Click to show table schema

CREATE TABLE IF NOT EXISTS audit.resource_events (
  pid UInt32,
  comm String,

  uid UInt32,
  gid UInt32,
  ppid UInt32,
  user_pid UInt32,
  user_ppid UInt32,
  cgroup_id UInt64,
  cgroup_name String,
  user String,

  cpu_ns UInt64,
  user_faults UInt64,
  kernel_faults UInt64,
  vm_mmap_bytes UInt64,
  vm_munmap_bytes UInt64,
  vm_brk_grow_bytes UInt64,
  vm_brk_shrink_bytes UInt64,
  bytes_written UInt64,
  bytes_read UInt64,
  isActive UInt32,

  wall_time_dt DateTime64(3),
  wall_time_ms Int64,

  container_id String,
  container_image String,
  container_labels_json JSON

) ENGINE = MergeTree()
ORDER BY wall_time_ms;

🔍 Field Descriptions

Includes all common fields described above, plus:

Field	Description
`cpu_ns`	Total CPU time consumed by the task in nanoseconds (from context switch)
`user_faults`	Number of page faults occurring in user space
`kernel_faults`	Number of page faults occurring in kernel space
`vm_mmap_bytes`	Total bytes allocated via `mmap`
`vm_munmap_bytes`	Total bytes released via `munmap`
`vm_brk_grow_bytes`	Bytes of heap memory grown via `brk`
`vm_brk_shrink_bytes`	Bytes of heap memory released via `brk`
`bytes_written`	Total bytes written by the process (from syscalls like `write`)
`bytes_read`	Total bytes read by the process (from syscalls like `read`)
`isActive`	Indicates if the process is still active (`1`) or has exited (`0`)

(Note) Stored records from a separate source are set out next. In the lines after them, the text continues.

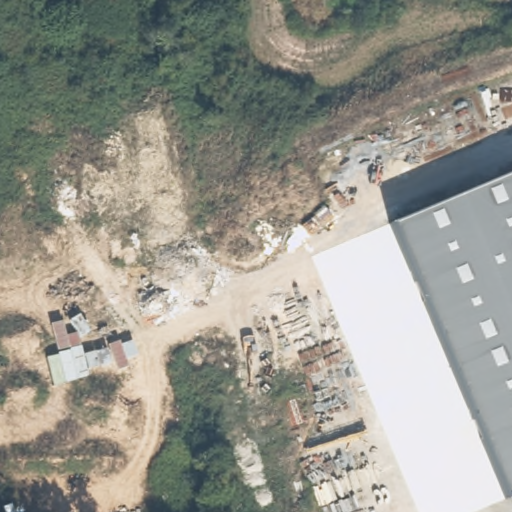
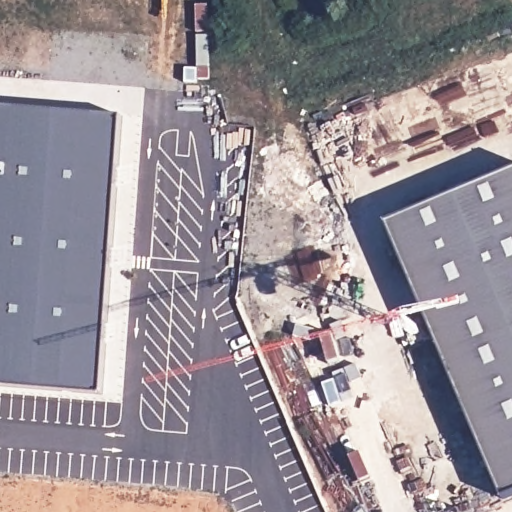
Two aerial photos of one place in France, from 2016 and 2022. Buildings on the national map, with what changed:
new [(0,384),(0,109),(124,119),(101,393),(0,384)]
unchanged [(512,186),(512,505),(510,505),(396,231),(512,186)]

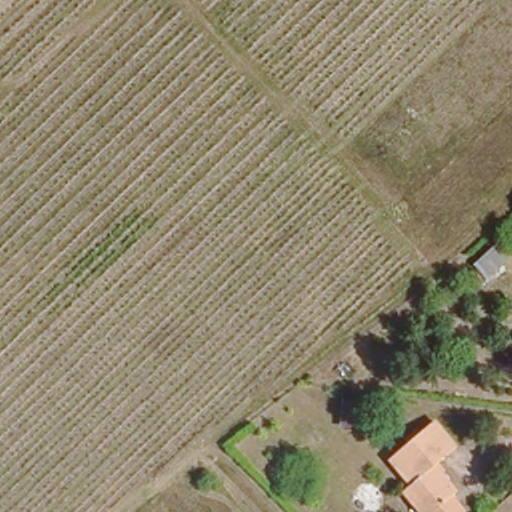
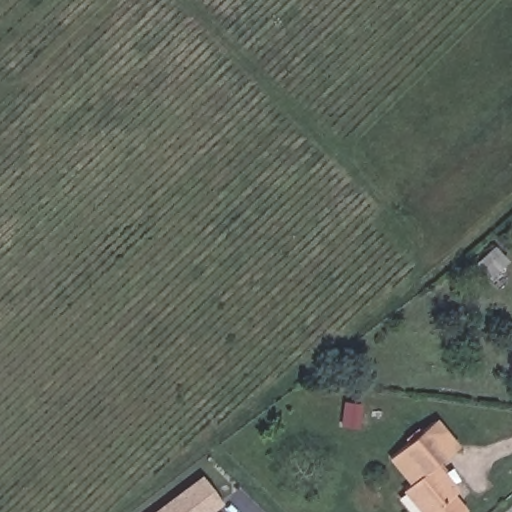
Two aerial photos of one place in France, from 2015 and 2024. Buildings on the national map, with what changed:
unchanged [(353,424),(336,423),(336,398),(353,399),(353,424)]
unchanged [(430,461),(448,485),(440,491),(454,509),(450,512),(410,512),(394,491),(404,483),(386,459),(431,423),(450,447),(430,461)]
new [(216,500),(200,512),(155,512),(200,478),(216,500)]

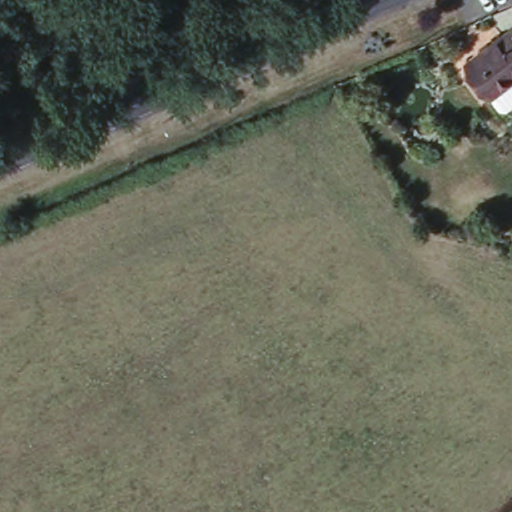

🗂️ `syscall_freq_events` Table

Click to show table schema

CREATE TABLE IF NOT EXISTS audit.syscall_freq_events (
  pid UInt32,
  comm String,
  uid UInt32,
  gid UInt32,
  ppid UInt32,
  user_pid UInt32,
  user_ppid UInt32,
  cgroup_id UInt64,
  cgroup_name String,
  user String,
  syscall_vector_json JSON, 
  wall_time_dt DateTime64(3),
  wall_time_ms Int64,
  container_id String,
  container_image String,
  container_labels_json JSON
)
ENGINE = MergeTree()
ORDER BY wall_time_ms;

🔍 Field Descriptions

Includes all common fields described above, plus:

Field	Description
`syscall_vector_json`	JSON object mapping syscall numbers to their invocation counts. Example: `{"0":12,"1":4,"60":9}` meaning `read` was called 12 times, `write` 4 times, `exit` 9 times.